Taking $R\to\infty$ on both sides, we get
$$
\require{cancel} \lim_{R\to\infty}\oint_C f(z)dz = \cancelto{0}{\lim_{R\to\infty}\int_{R}^{R+i\pi}f(z)dz} + \lim_{R\to\infty}\int_{R+i\pi}^{-R+i\pi}f(z)dz + \cancelto{0}{\lim_{R\to\infty}\int_{-R+i\pi}^{-R}f(z)dz}\,.
$$
The integral over the vertical line segment on the right of $C$ vanishes due to the Estimation Lemma and the Squeeze Theorem, and the other integral over the left vertical segment also vanishes for the same kind of reason, I think.
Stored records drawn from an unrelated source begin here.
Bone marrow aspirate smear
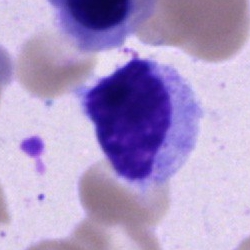Single cell identified as a typical lymphocyte.
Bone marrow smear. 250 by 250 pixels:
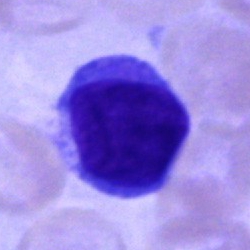
Morphology consistent with an undifferentiated blast.
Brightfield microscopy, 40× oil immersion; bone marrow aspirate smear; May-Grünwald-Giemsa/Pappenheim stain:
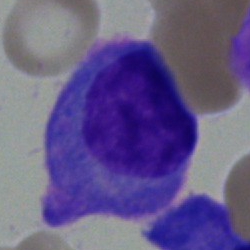 Q: Which cell type is shown here?
A: This is a plasma cell.
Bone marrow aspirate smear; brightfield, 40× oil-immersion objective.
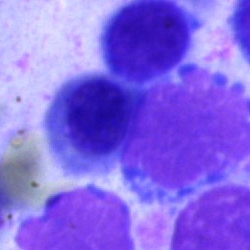 Q: Which cell type is shown here?
A: A nucleated red blood cell.
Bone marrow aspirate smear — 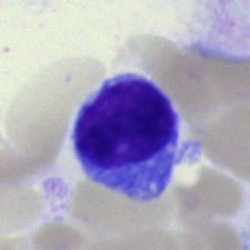Specimen: bone marrow aspirate smear.
Morphological class: lymphocyte.
Lineage: lymphoid.
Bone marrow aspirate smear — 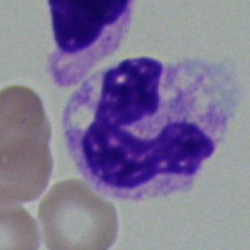Showing a segmented neutrophil.
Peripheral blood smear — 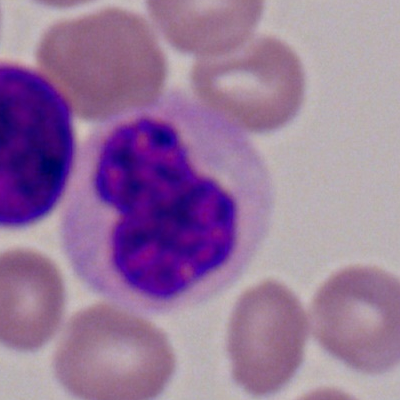

This is a polymorphonuclear neutrophil.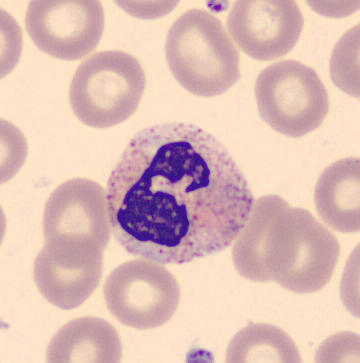 Preparation: Imaged on a CellaVision DM96 analyser. Peripheral blood film. MGG-stained.

The cell shown is a neutrophil (segmented).
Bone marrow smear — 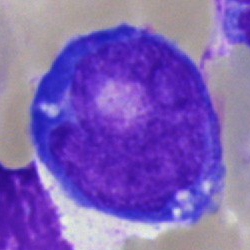Q: Which cell type is shown here?
A: Proerythroblast.
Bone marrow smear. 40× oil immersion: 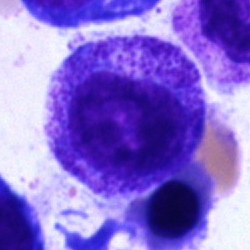Classification: promyelocyte.
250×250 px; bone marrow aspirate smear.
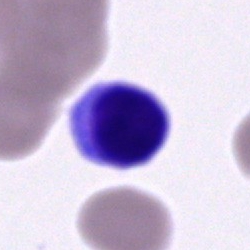 Q: What cell is this?
A: It is a cell of indeterminate lineage.
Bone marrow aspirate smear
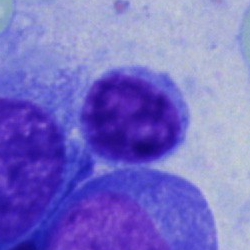

Specimen: bone marrow aspirate smear.
Cell: lymphocyte.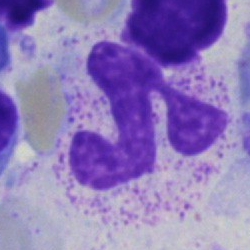Bone marrow smear showing a polymorphonuclear neutrophil.
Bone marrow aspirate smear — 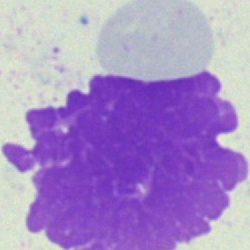

Cell type — artefact.
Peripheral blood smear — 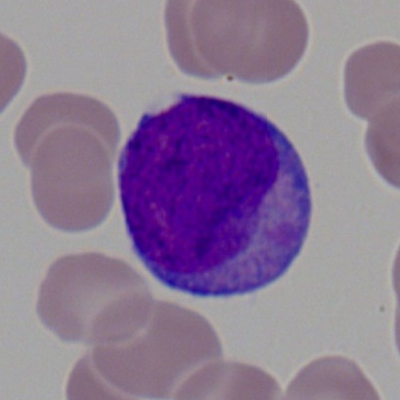 Cell: myeloblast.
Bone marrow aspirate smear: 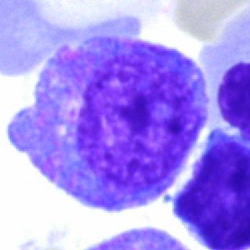

The cell shown is a promyelocyte.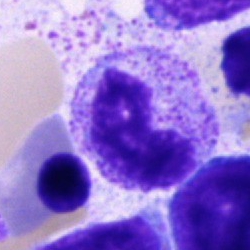

Morphological class — metamyelocyte.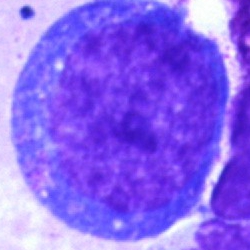A progranulocyte.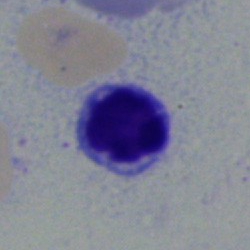{"cell_type": "typical lymphocyte"}
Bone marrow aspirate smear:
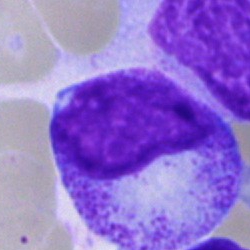

Single cell identified as a progranulocyte.
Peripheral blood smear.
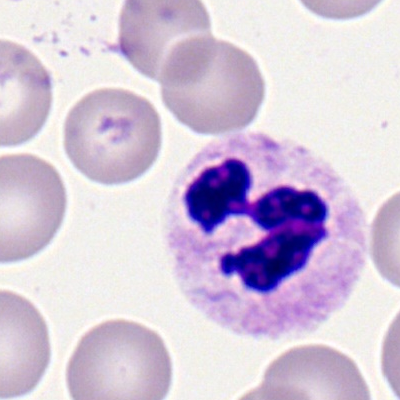 Q: What is the morphological classification of this cell?
A: It is a polymorphonuclear neutrophil.
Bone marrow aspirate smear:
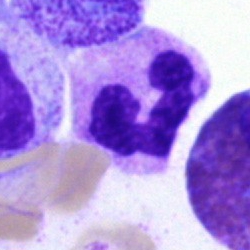 Single cell identified as a segmented neutrophil.
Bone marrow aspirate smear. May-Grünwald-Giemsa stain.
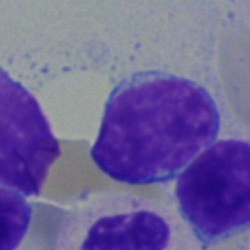Specimen: bone marrow smear.
Classification: lymphocyte.
Lineage: lymphoid.
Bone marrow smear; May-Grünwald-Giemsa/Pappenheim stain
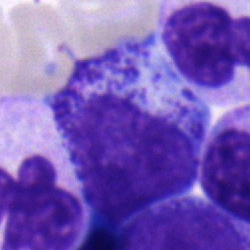

Single cell identified as a progranulocyte.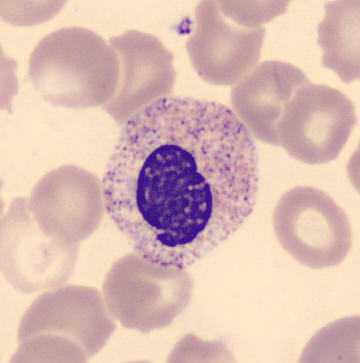

Q: What is this?
A: Polymorphonuclear neutrophil.
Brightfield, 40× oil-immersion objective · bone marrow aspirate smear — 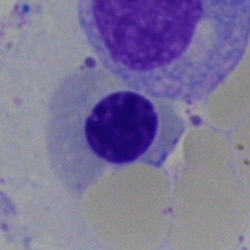
Nucleated red blood cell.
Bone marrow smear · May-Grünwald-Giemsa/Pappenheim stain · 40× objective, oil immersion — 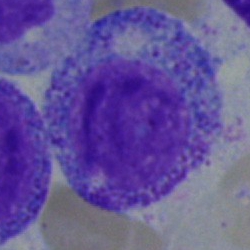Showing a myelocyte.
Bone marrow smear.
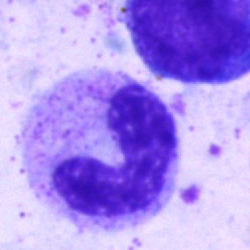

Showing a band-form neutrophil.
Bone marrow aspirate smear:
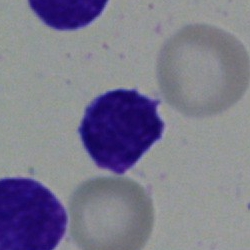Q: Identify the cell.
A: Lymphocyte.
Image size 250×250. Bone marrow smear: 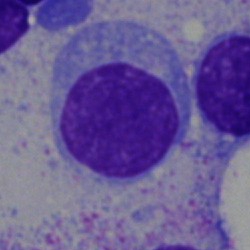The cell shown is a typical lymphocyte.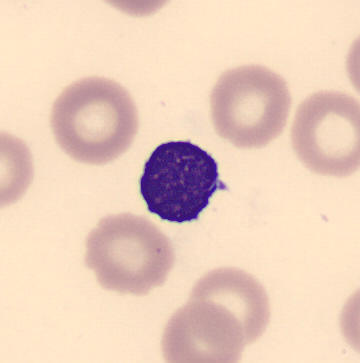

Specimen: peripheral blood film.
Morphological class: lymphocyte.
Lineage: lymphoid.

Acquisition: Cropped to a single cell.
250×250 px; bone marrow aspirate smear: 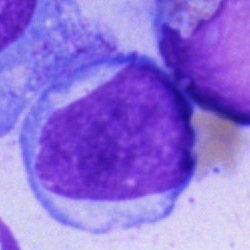Cell — blast.
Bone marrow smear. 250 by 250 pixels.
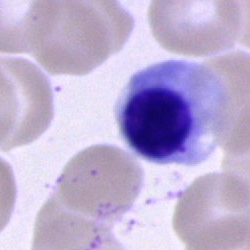 The cell shown is an erythroblast.
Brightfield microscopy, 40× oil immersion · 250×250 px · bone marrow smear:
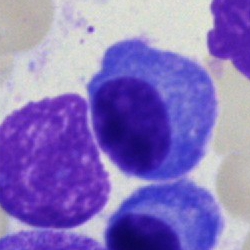

{"cell_type": "plasmacyte", "lineage": "lymphoid"}
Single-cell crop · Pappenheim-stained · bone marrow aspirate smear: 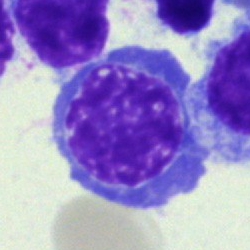
Specimen: bone marrow smear.
Cell type: erythroblast.
Lineage: erythroid.
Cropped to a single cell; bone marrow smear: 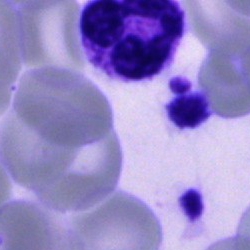The cell shown is a neutrophil (segmented).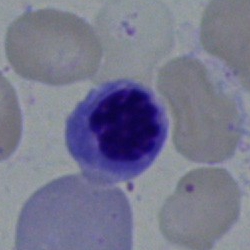
Cell type = erythroblast.
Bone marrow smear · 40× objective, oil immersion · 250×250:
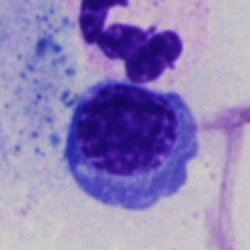
Normoblast.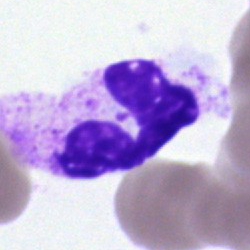
Specimen: bone marrow smear.
Morphological class: neutrophil (segmented).
Lineage: myeloid.
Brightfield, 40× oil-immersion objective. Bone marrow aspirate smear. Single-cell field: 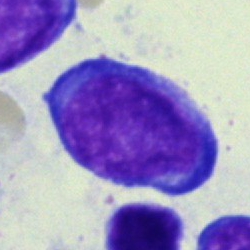
Single cell identified as a proerythroblast.
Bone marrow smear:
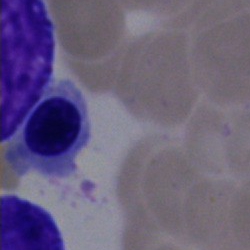
A nucleated red cell.
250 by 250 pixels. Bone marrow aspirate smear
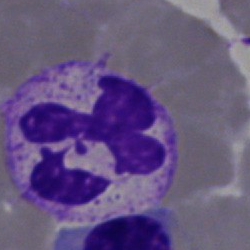 Morphological class = polymorphonuclear neutrophil.
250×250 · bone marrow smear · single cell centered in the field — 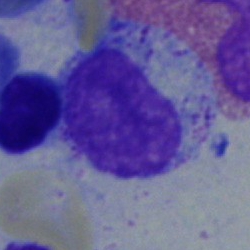 A myelocyte.
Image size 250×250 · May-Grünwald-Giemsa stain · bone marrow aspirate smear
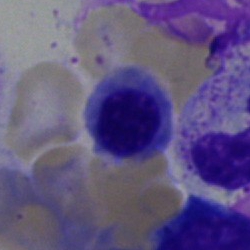A nucleated red blood cell.
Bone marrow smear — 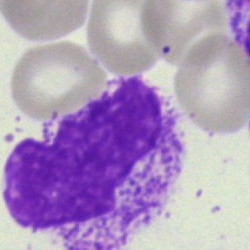
Classification: artifact.
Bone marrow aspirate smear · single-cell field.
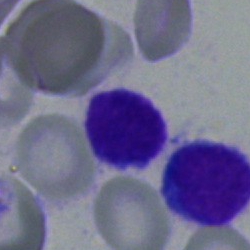

Lymphocyte.
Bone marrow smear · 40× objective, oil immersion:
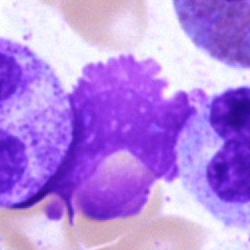
Specimen: bone marrow aspirate smear.
Cell type: artifact.
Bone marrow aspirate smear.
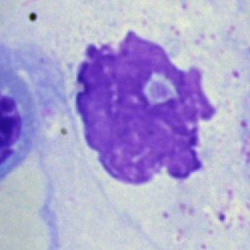

Q: What is shown here?
A: It is an artifact.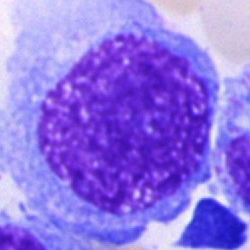 Specimen: bone marrow smear.
Cell: blast cell.
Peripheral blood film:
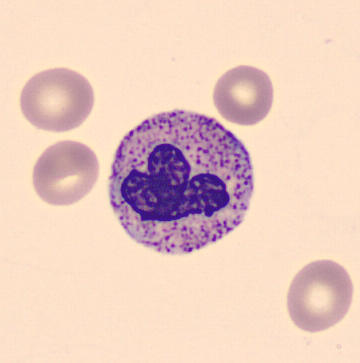Cell = band-form neutrophil.
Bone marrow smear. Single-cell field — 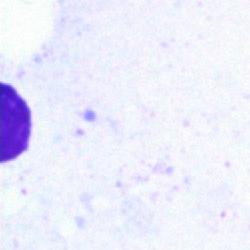Morphology — artefact.
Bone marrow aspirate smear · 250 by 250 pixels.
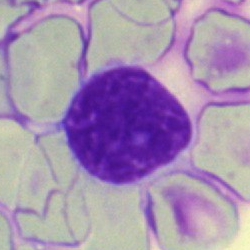

Morphological class — artifact.
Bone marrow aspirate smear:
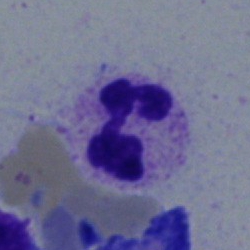A neutrophil (segmented).
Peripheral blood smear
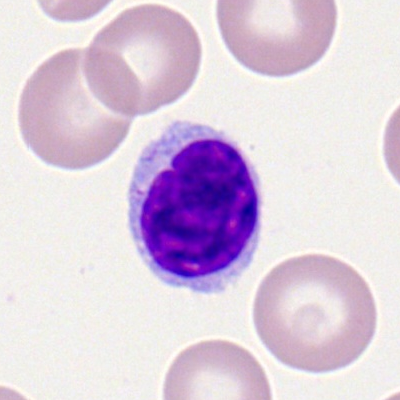 Q: What cell is this?
A: A typical lymphocyte.
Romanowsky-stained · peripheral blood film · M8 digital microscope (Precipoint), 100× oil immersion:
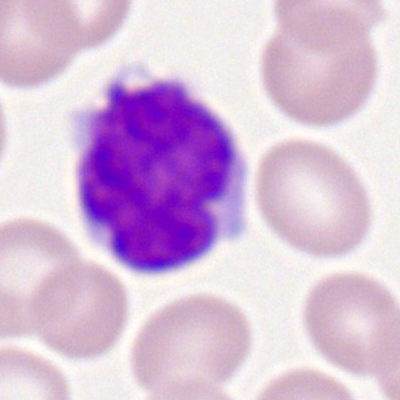
Cell type — typical lymphocyte.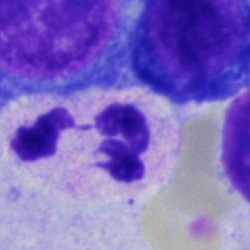
The cell shown is a polymorphonuclear neutrophil.
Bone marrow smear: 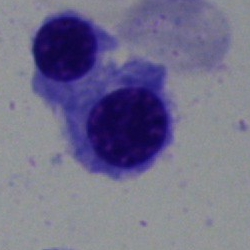

Morphology consistent with a nucleated red cell.
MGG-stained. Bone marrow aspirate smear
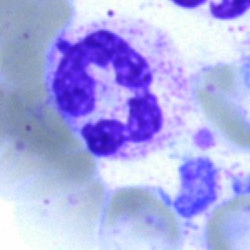

Impression → polymorphonuclear neutrophil.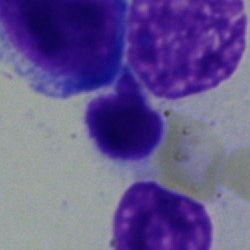 The cell shown is a basophilic granulocyte.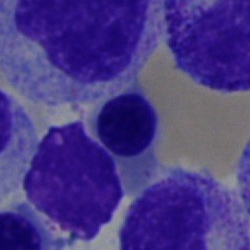
{"cell_type": "nucleated red cell"}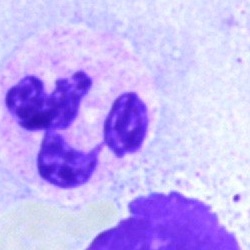Cell type: neutrophil (segmented).
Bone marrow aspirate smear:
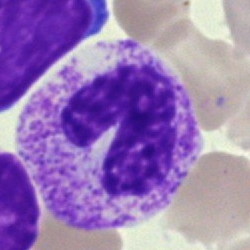
Single cell identified as a band neutrophil.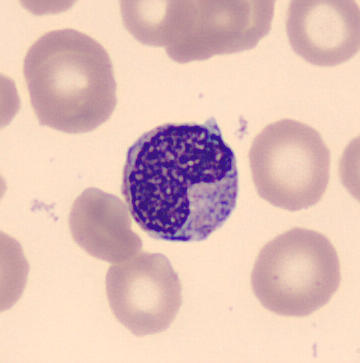
Specimen: peripheral blood film.
Classification: metamyelocyte.
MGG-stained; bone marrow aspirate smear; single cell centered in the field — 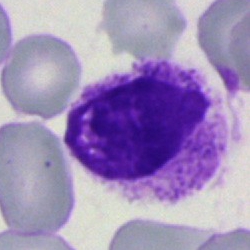
An artifact.
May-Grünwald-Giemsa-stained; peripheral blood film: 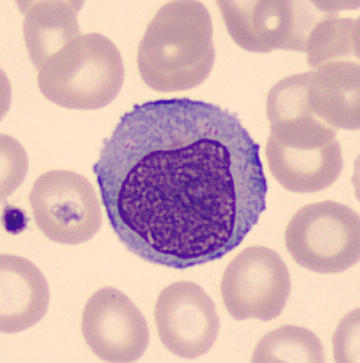Morphology — monocyte.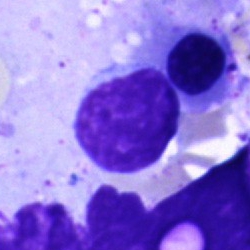

Specimen: bone marrow smear.
Morphological class: unidentifiable cell.
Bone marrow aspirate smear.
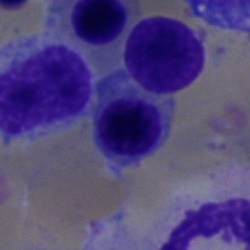The cell is erythroblast.
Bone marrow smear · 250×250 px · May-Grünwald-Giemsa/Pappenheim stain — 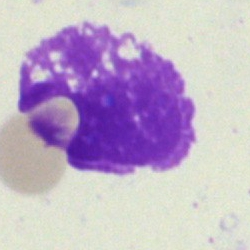
Q: What is shown here?
A: Artefact.
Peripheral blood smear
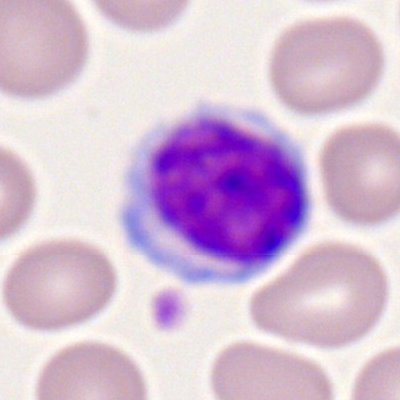Q: What cell is this?
A: It is a lymphocyte.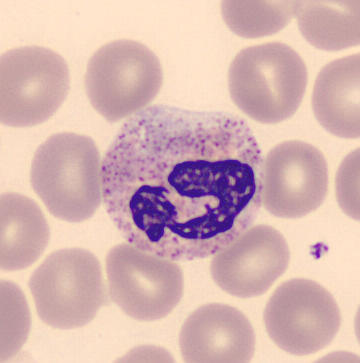Peripheral blood smear.

Impression — neutrophil (segmented).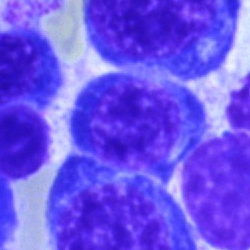Showing an erythroblast.
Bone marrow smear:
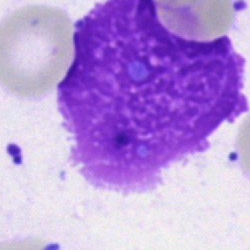

Showing an artefact.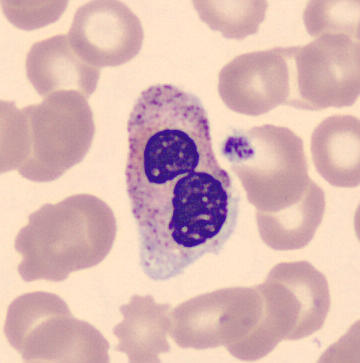

Peripheral blood film. Single cell identified as a segmented neutrophil.
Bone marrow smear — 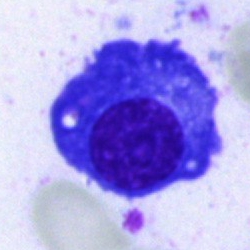

{"cell_type": "plasma cell", "lineage": "lymphoid"}
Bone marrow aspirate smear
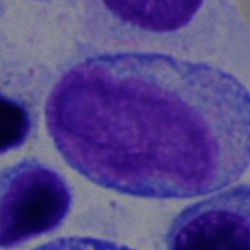

Impression → blast.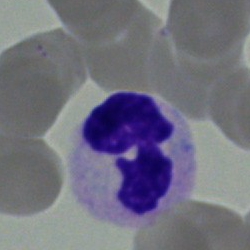
Single cell identified as a polymorphonuclear neutrophil.
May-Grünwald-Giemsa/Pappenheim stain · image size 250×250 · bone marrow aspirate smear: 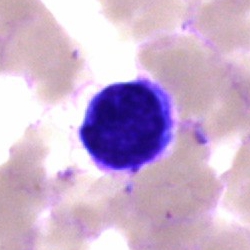
Impression — typical lymphocyte.
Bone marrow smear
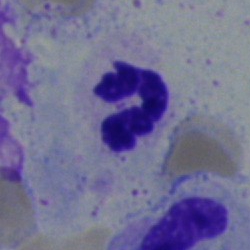
A polymorphonuclear neutrophil.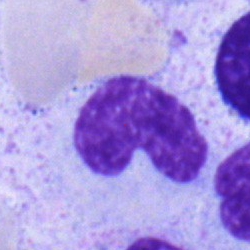

Cell type = stab cell.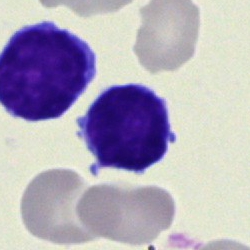 Impression → lymphocyte.
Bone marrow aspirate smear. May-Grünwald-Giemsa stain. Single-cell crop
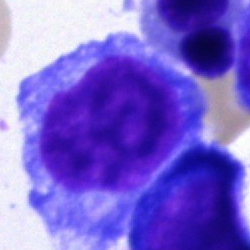
Q: What type of cell is this?
A: This is a progranulocyte.
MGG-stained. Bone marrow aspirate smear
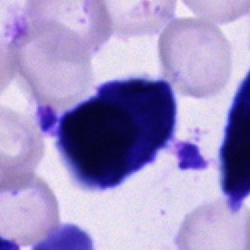Cell type — cell of indeterminate lineage.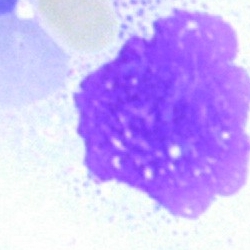{"cell_type": "artifact"}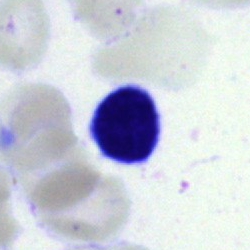
Morphology — typical lymphocyte.
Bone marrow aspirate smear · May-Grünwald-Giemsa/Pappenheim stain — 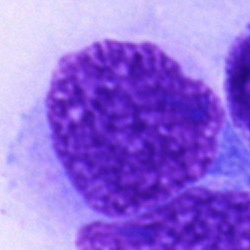 Q: What is shown here?
A: An artefact.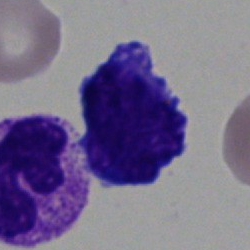
Undifferentiated blast.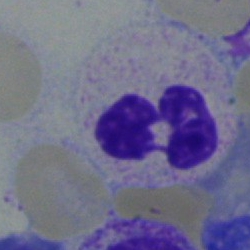Impression → segmented neutrophil.
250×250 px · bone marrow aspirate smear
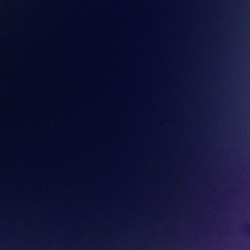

To prove the integral over the vertical line segment on the right of the box decays to $0$ as $R \to \infty$, we bound the modulus of $f(z)$ first like
$$
\begin{align}
|f(z)| &= \left|\frac{z^{2}e^{2z}\left(e^{z}-1\right)^{3}\left(e^{z}+1\right)^{3}}{\left(e^{2z}+1\right)\left(6e^{4z}+e^{8z}+1\right)}\right| \\
&\leq \frac{\left|z\right|^{2}\cdot\left|e^{2z}\right|\cdot\left(3\left|e^{z}\right|+3\left|e^{2z}\right|+3\left|e^{3z}\right|+1\right)^{2}}{\left|\left|e^{2z}\right|-1\right|\cdot\left|6\left|e^{4z}\right|-\left|e^{8z}\right|-1\right|}\,. \\
\end{align}
$$
Parameterizing $z=R+iy$ for $y \in [0,\pi]$, we get
$$
\begin{align}
|f(R+iy)| &\leq \frac{\left|R+iy\right|^{2}\cdot\left|e^{2\left(R+iy\right)}\right|\cdot\left(3\left|e^{\left(R+iy\right)}\right|+3\left|e^{2\left(R+iy\right)}\right|+3\left|e^{3\left(R+iy\right)}\right|+1\right)^{2}}{\left|\left|e^{2\left(R+iy\right)}\right|-1\right|\cdot\left|6\left|e^{4\left(R+iy\right)}\right|-\left|e^{8\left(R+iy\right)}\right|-1\right|} \\
&\leq \frac{e^{2R}\left(R^{2}+2Ry+y^{2}\right)\left(3e^{R}+3e^{2R}+3e^{3R}+1\right)^{2}}{\left(e^{2R}-1\right)\left(e^{8R}-6e^{4R}+1\right)} \\
&:= M(R)\,. \\
\end{align}
$$
As $R \to \infty$, we see that $M(R)\to 0$ because the largest expression in the numerator grows slower than that of the denominator. Using the Estimation Lemma, we write
$$
0 \leq \left|\int_{R}^{R+i\pi} f(z)dz\right| \leq \pi M(R)\,.
$$
The $\pi$ comes from the length of the right side of the box contour. Taking $R \to \infty$ and employing the Squeeze Theorem, we get
$$
\lim_{R \to \infty} 0 \leq \lim_{R \to \infty} \left|\int_{R}^{R+i\pi} f(z)dz\right| \leq \pi \lim_{R \to \infty} M(R)
$$
$$
\implies \lim_{R \to \infty}\left|\int_{R}^{R+i\pi} f(z)dz\right| = 0\,.
$$
Thus,
$$
\bbox[15px,#FFF5FE]{\lim_{R \to \infty}\int_{R}^{R+i\pi} f(z)dz = 0\,.}
$$
The other integral should be evaluated in a similar fashion.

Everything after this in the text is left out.